EXERCISE REQUIREMENTS
Although the listing contains pictures, reproduce only its text, exactly as written.
══ EXERCISE INPUTS
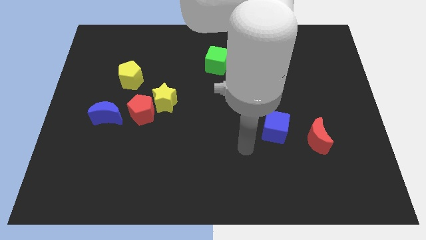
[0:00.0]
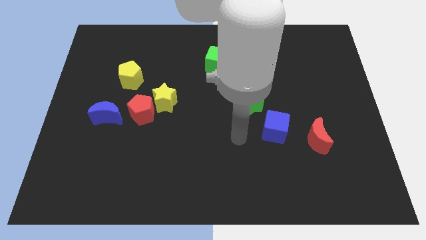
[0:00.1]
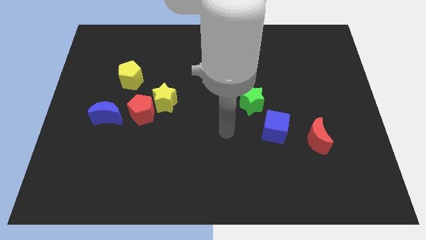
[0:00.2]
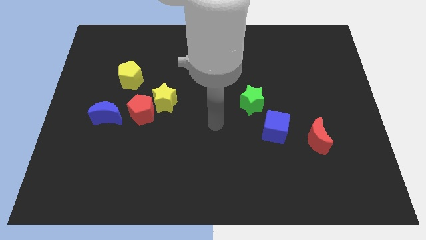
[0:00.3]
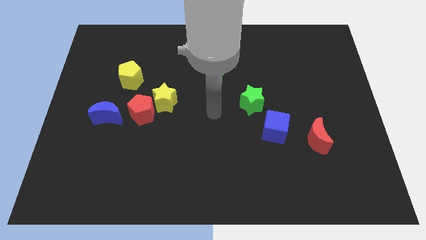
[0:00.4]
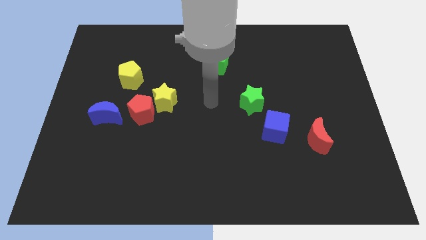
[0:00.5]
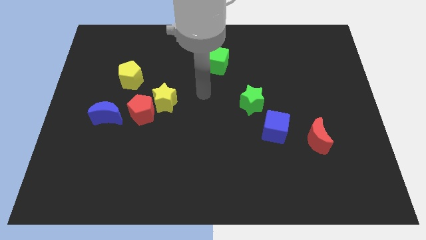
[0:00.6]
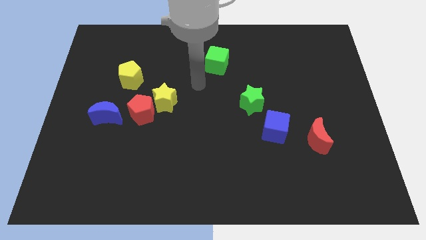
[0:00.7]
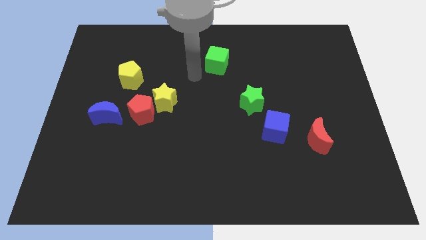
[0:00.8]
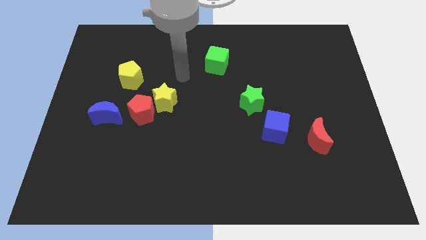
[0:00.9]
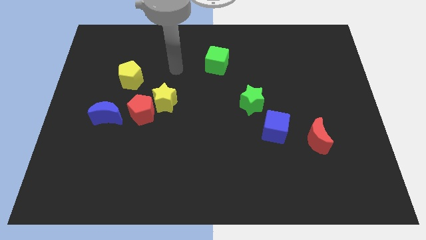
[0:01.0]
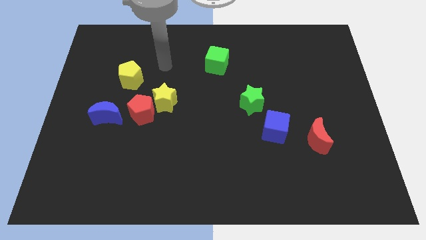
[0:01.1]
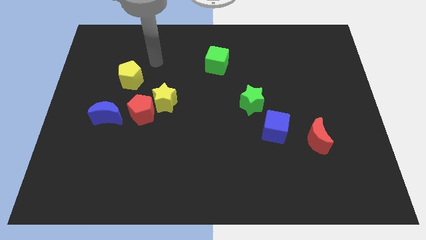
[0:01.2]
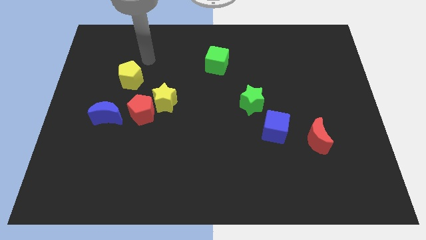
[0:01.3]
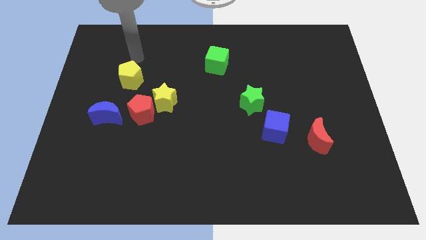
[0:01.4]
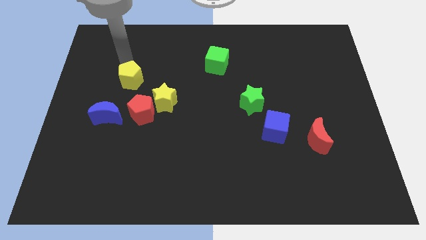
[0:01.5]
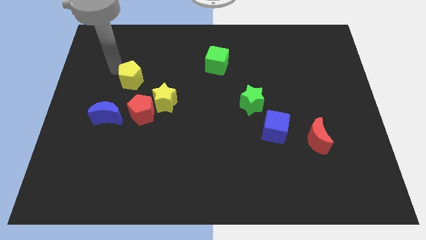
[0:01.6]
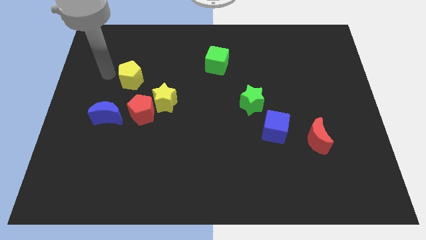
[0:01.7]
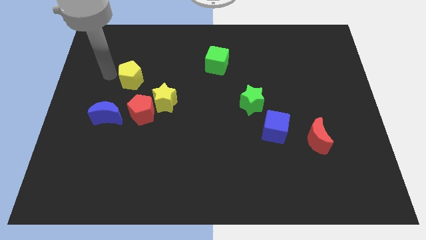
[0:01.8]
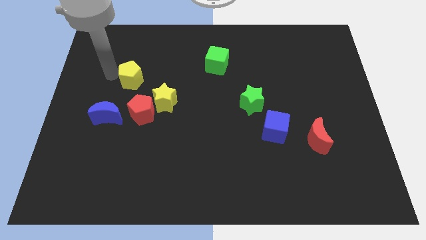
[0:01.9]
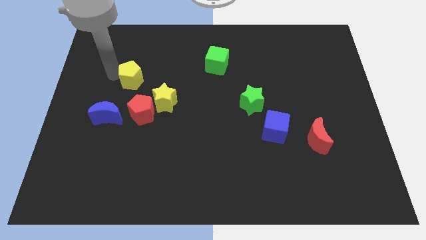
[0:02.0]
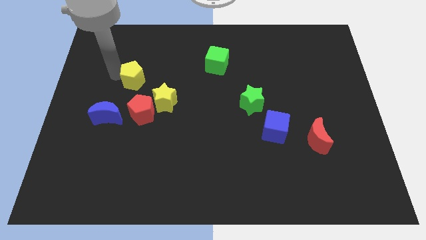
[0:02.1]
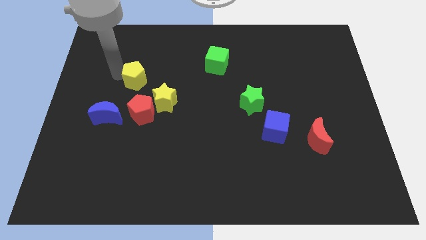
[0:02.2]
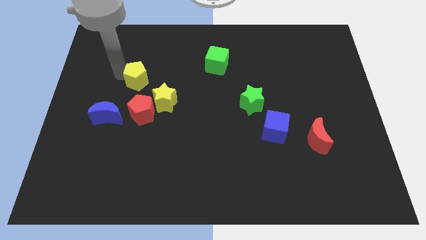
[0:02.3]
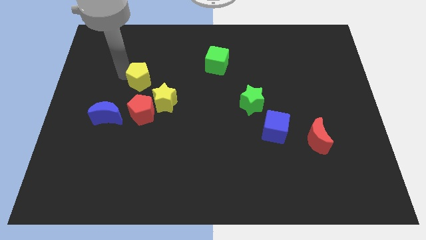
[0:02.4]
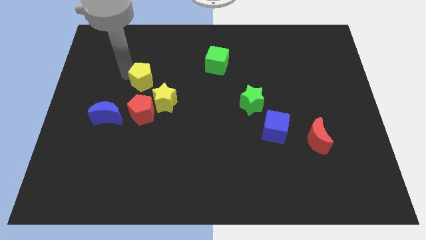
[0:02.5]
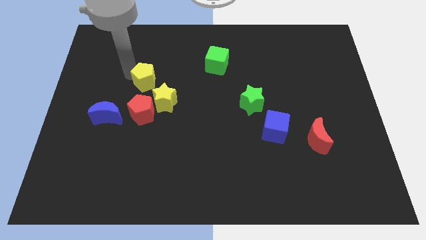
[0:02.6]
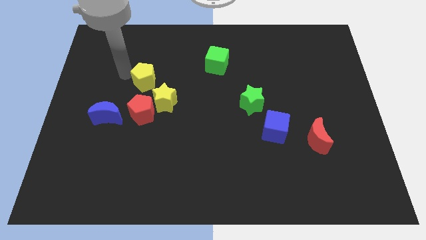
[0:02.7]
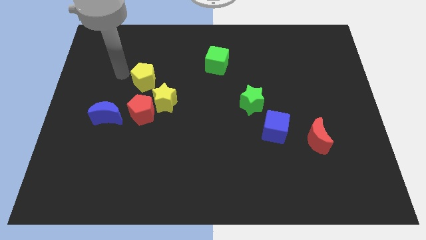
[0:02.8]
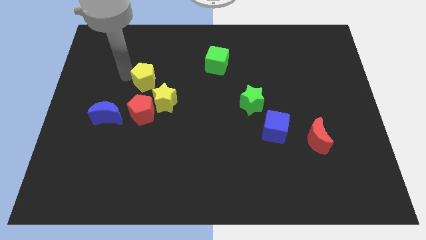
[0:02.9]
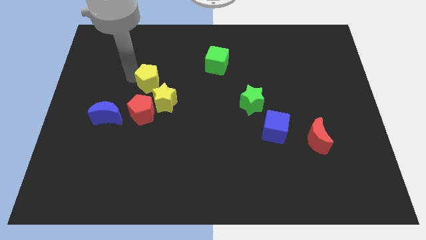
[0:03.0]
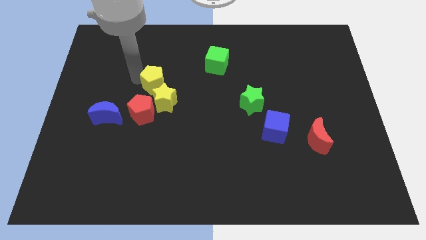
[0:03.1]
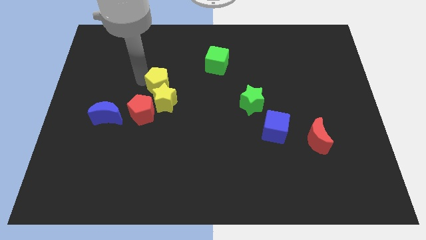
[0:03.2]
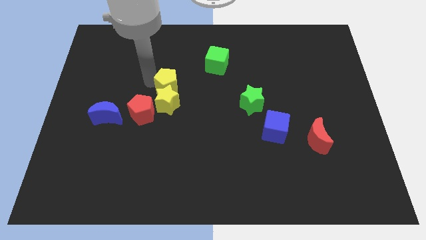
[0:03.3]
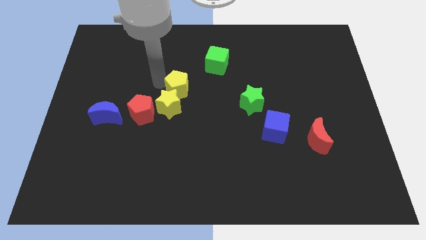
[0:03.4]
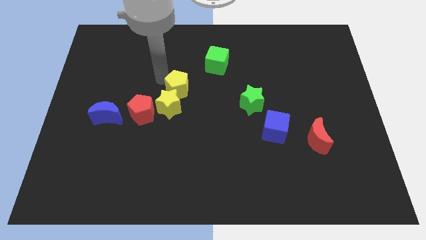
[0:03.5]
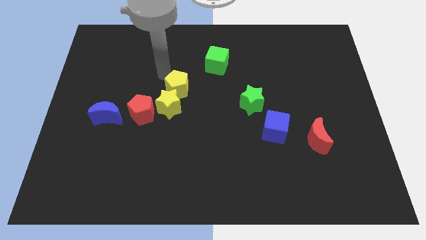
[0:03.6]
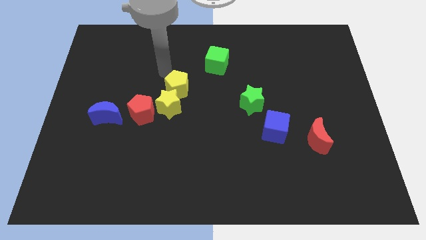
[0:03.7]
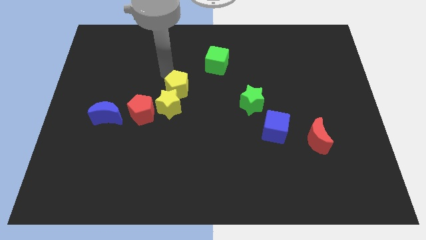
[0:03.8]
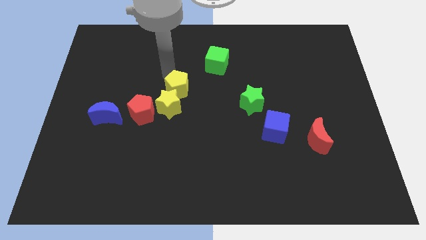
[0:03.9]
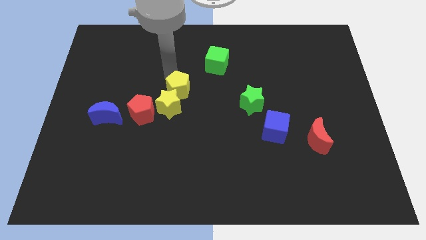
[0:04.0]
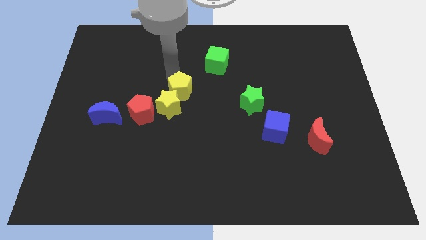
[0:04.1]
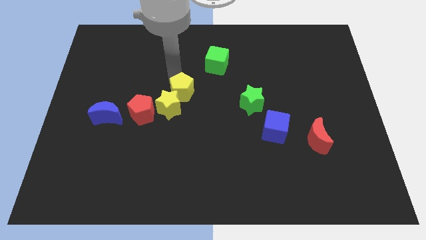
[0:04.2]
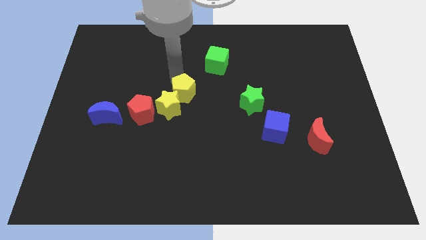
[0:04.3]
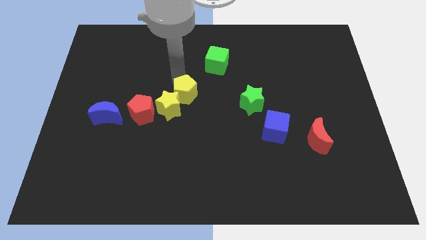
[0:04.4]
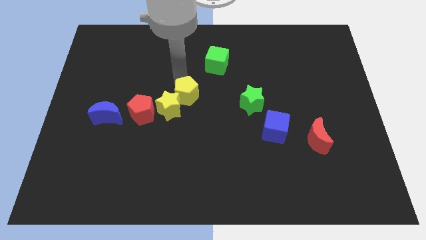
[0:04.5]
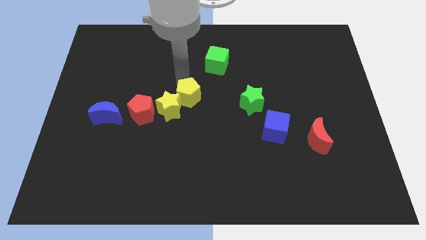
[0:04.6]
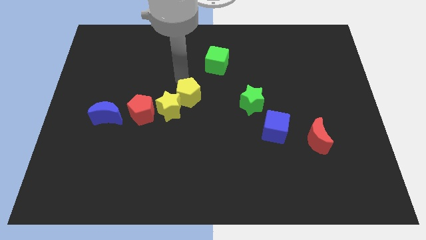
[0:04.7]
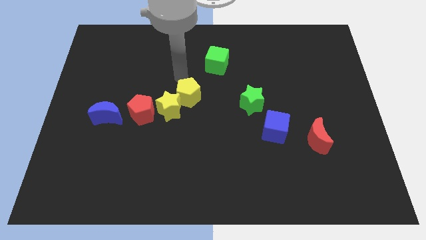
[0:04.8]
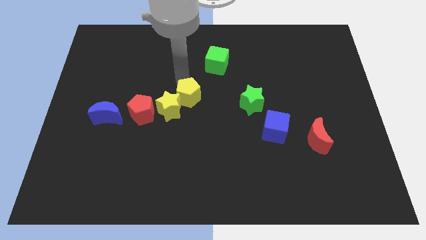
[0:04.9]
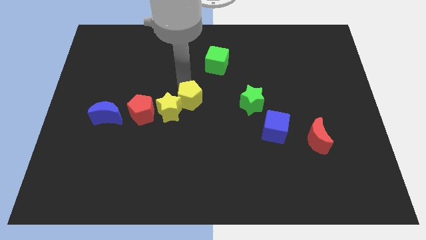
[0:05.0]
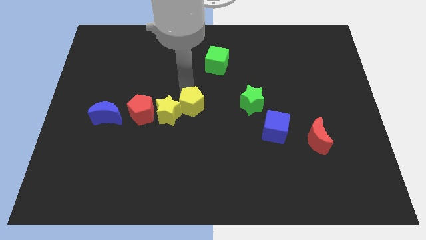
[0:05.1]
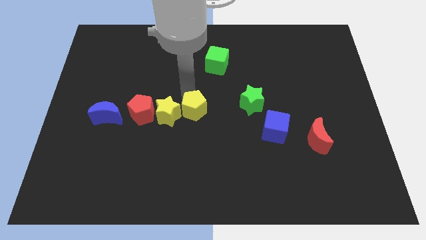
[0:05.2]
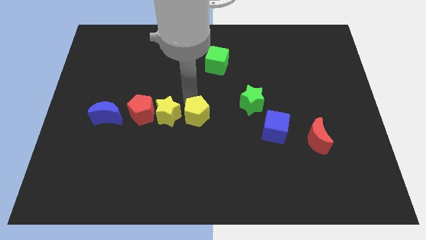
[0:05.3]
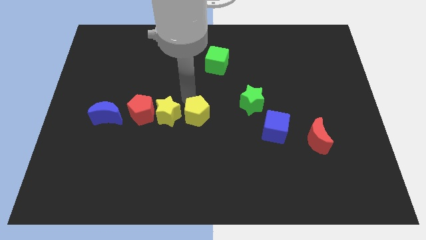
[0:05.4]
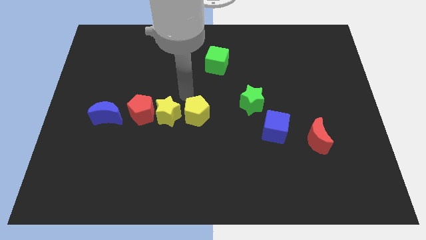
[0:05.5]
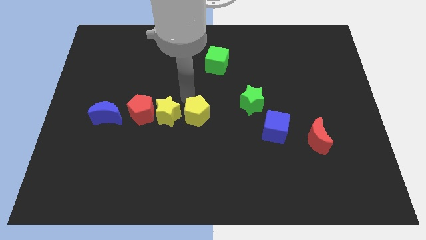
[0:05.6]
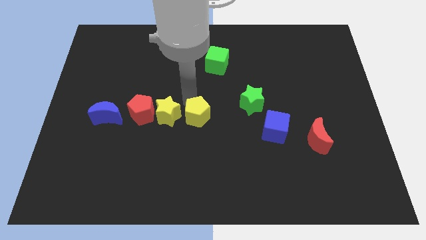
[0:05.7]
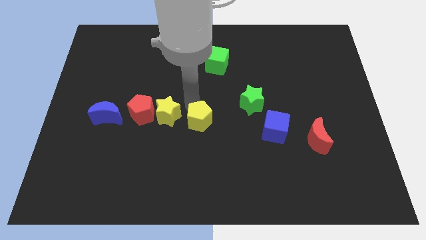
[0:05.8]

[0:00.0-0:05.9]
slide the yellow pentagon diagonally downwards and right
════
SOLUTION FOR THIS PROBLEM
[0:00.0]
[0:00.1]
[0:00.2]
[0:00.3]
[0:00.4]
[0:00.5]
[0:00.6]
[0:00.7]
[0:00.8]
[0:00.9]
[0:01.0]
[0:01.1]
[0:01.2]
[0:01.3]
[0:01.4]
[0:01.5]
[0:01.6]
[0:01.7]
[0:01.8]
[0:01.9]
[0:02.0]
[0:02.1]
[0:02.2]
[0:02.3]
[0:02.4]
[0:02.5]
[0:02.6]
[0:02.7]
[0:02.8]
[0:02.9]
[0:03.0]
[0:03.1]
[0:03.2]
[0:03.3]
[0:03.4]
[0:03.5]
[0:03.6]
[0:03.7]
[0:03.8]
[0:03.9]
[0:04.0]
[0:04.1]
[0:04.2]
[0:04.3]
[0:04.4]
[0:04.5]
[0:04.6]
[0:04.7]
[0:04.8]
[0:04.9]
[0:05.0]
[0:05.1]
[0:05.2]
[0:05.3]
[0:05.4]
[0:05.5]
[0:05.6]
[0:05.7]
[0:05.8]

[0:00.0-0:05.9]
slide the yellow pentagon diagonally downwards and right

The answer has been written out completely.